>>>
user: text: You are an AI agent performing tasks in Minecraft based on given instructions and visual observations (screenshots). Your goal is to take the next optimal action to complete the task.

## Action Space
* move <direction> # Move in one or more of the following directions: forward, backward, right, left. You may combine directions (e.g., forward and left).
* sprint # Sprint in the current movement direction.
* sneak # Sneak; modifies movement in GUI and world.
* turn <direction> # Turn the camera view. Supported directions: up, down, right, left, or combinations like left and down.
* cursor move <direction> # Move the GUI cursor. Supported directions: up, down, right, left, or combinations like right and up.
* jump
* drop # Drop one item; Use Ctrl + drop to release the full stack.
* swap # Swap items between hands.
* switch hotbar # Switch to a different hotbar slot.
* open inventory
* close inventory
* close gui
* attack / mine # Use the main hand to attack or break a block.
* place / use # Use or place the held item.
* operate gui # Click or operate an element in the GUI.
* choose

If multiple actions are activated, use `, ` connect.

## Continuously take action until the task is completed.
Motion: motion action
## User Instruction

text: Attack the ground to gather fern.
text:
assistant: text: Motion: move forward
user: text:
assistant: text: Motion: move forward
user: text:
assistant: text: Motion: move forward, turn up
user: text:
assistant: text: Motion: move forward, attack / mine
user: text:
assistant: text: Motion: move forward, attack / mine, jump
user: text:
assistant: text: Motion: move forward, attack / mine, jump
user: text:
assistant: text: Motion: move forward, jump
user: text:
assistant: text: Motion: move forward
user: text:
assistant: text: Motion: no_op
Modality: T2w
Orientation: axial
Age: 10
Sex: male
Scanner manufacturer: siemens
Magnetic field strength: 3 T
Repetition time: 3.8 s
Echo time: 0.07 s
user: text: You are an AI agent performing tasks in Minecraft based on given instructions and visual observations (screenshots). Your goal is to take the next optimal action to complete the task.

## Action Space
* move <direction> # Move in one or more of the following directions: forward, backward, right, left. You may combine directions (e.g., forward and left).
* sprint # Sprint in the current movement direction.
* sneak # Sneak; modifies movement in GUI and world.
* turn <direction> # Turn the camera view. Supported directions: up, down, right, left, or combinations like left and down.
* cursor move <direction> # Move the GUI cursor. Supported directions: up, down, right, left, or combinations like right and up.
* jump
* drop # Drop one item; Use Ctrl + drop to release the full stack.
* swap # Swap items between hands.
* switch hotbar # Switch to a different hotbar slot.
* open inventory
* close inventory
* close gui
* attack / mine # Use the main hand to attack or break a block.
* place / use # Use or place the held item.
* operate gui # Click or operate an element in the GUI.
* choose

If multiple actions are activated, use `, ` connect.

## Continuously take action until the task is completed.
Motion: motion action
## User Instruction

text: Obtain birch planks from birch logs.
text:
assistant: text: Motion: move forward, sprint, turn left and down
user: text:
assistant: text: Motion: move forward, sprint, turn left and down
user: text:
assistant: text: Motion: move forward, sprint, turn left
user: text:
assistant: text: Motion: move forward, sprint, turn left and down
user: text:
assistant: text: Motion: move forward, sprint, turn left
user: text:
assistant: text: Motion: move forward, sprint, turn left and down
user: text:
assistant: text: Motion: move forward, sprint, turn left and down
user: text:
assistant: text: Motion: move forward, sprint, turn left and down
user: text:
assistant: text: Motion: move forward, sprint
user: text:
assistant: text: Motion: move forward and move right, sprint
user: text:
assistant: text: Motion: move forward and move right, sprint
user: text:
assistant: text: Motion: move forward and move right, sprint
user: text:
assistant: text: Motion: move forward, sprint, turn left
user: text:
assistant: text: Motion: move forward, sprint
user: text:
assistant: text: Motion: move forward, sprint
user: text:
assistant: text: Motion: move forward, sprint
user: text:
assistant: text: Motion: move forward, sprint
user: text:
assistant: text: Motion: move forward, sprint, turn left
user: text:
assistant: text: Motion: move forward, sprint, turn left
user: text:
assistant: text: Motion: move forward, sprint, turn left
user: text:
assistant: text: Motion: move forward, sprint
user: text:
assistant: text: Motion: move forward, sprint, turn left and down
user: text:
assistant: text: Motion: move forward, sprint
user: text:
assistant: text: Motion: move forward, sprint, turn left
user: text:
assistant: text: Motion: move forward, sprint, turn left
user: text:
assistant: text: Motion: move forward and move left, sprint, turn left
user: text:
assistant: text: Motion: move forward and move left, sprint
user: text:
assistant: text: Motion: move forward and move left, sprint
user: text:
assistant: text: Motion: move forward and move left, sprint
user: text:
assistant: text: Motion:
<<<
Extract the entries above verbatim.

## [Answer to the problem]
user: text: You are an AI agent performing tasks in Minecraft based on given instructions and visual observations (screenshots). Your goal is to take the next optimal action to complete the task.

## Action Space
* move <direction> # Move in one or more of the following directions: forward, backward, right, left. You may combine directions (e.g., forward and left).
* sprint # Sprint in the current movement direction.
* sneak # Sneak; modifies movement in GUI and world.
* turn <direction> # Turn the camera view. Supported directions: up, down, right, left, or combinations like left and down.
* cursor move <direction> # Move the GUI cursor. Supported directions: up, down, right, left, or combinations like right and up.
* jump
* drop # Drop one item; Use Ctrl + drop to release the full stack.
* swap # Swap items between hands.
* switch hotbar # Switch to a different hotbar slot.
* open inventory
* close inventory
* close gui
* attack / mine # Use the main hand to attack or break a block.
* place / use # Use or place the held item.
* operate gui # Click or operate an element in the GUI.
* choose

If multiple actions are activated, use `, ` connect.

## Continuously take action until the task is completed.
Motion: motion action
## User Instruction

text: Attack the ground to gather fern.
text:
assistant: text: Motion: move forward
user: text:
assistant: text: Motion: move forward
user: text:
assistant: text: Motion: move forward, turn up
user: text:
assistant: text: Motion: move forward, attack / mine
user: text:
assistant: text: Motion: move forward, attack / mine, jump
user: text:
assistant: text: Motion: move forward, attack / mine, jump
user: text:
assistant: text: Motion: move forward, jump
user: text:
assistant: text: Motion: move forward
user: text:
assistant: text: Motion: no_op
Modality: T2w
Orientation: axial
Age: 10
Sex: male
Scanner manufacturer: siemens
Magnetic field strength: 3 T
Repetition time: 3.8 s
Echo time: 0.07 s
user: text: You are an AI agent performing tasks in Minecraft based on given instructions and visual observations (screenshots). Your goal is to take the next optimal action to complete the task.

## Action Space
* move <direction> # Move in one or more of the following directions: forward, backward, right, left. You may combine directions (e.g., forward and left).
* sprint # Sprint in the current movement direction.
* sneak # Sneak; modifies movement in GUI and world.
* turn <direction> # Turn the camera view. Supported directions: up, down, right, left, or combinations like left and down.
* cursor move <direction> # Move the GUI cursor. Supported directions: up, down, right, left, or combinations like right and up.
* jump
* drop # Drop one item; Use Ctrl + drop to release the full stack.
* swap # Swap items between hands.
* switch hotbar # Switch to a different hotbar slot.
* open inventory
* close inventory
* close gui
* attack / mine # Use the main hand to attack or break a block.
* place / use # Use or place the held item.
* operate gui # Click or operate an element in the GUI.
* choose

If multiple actions are activated, use `, ` connect.

## Continuously take action until the task is completed.
Motion: motion action
## User Instruction

text: Obtain birch planks from birch logs.
text:
assistant: text: Motion: move forward, sprint, turn left and down
user: text:
assistant: text: Motion: move forward, sprint, turn left and down
user: text:
assistant: text: Motion: move forward, sprint, turn left
user: text:
assistant: text: Motion: move forward, sprint, turn left and down
user: text:
assistant: text: Motion: move forward, sprint, turn left
user: text:
assistant: text: Motion: move forward, sprint, turn left and down
user: text:
assistant: text: Motion: move forward, sprint, turn left and down
user: text:
assistant: text: Motion: move forward, sprint, turn left and down
user: text:
assistant: text: Motion: move forward, sprint
user: text:
assistant: text: Motion: move forward and move right, sprint
user: text:
assistant: text: Motion: move forward and move right, sprint
user: text:
assistant: text: Motion: move forward and move right, sprint
user: text:
assistant: text: Motion: move forward, sprint, turn left
user: text:
assistant: text: Motion: move forward, sprint
user: text:
assistant: text: Motion: move forward, sprint
user: text:
assistant: text: Motion: move forward, sprint
user: text:
assistant: text: Motion: move forward, sprint
user: text:
assistant: text: Motion: move forward, sprint, turn left
user: text:
assistant: text: Motion: move forward, sprint, turn left
user: text:
assistant: text: Motion: move forward, sprint, turn left
user: text:
assistant: text: Motion: move forward, sprint
user: text:
assistant: text: Motion: move forward, sprint, turn left and down
user: text:
assistant: text: Motion: move forward, sprint
user: text:
assistant: text: Motion: move forward, sprint, turn left
user: text:
assistant: text: Motion: move forward, sprint, turn left
user: text:
assistant: text: Motion: move forward and move left, sprint, turn left
user: text:
assistant: text: Motion: move forward and move left, sprint
user: text:
assistant: text: Motion: move forward and move left, sprint
user: text:
assistant: text: Motion: move forward and move left, sprint
user: text:
assistant: text: Motion:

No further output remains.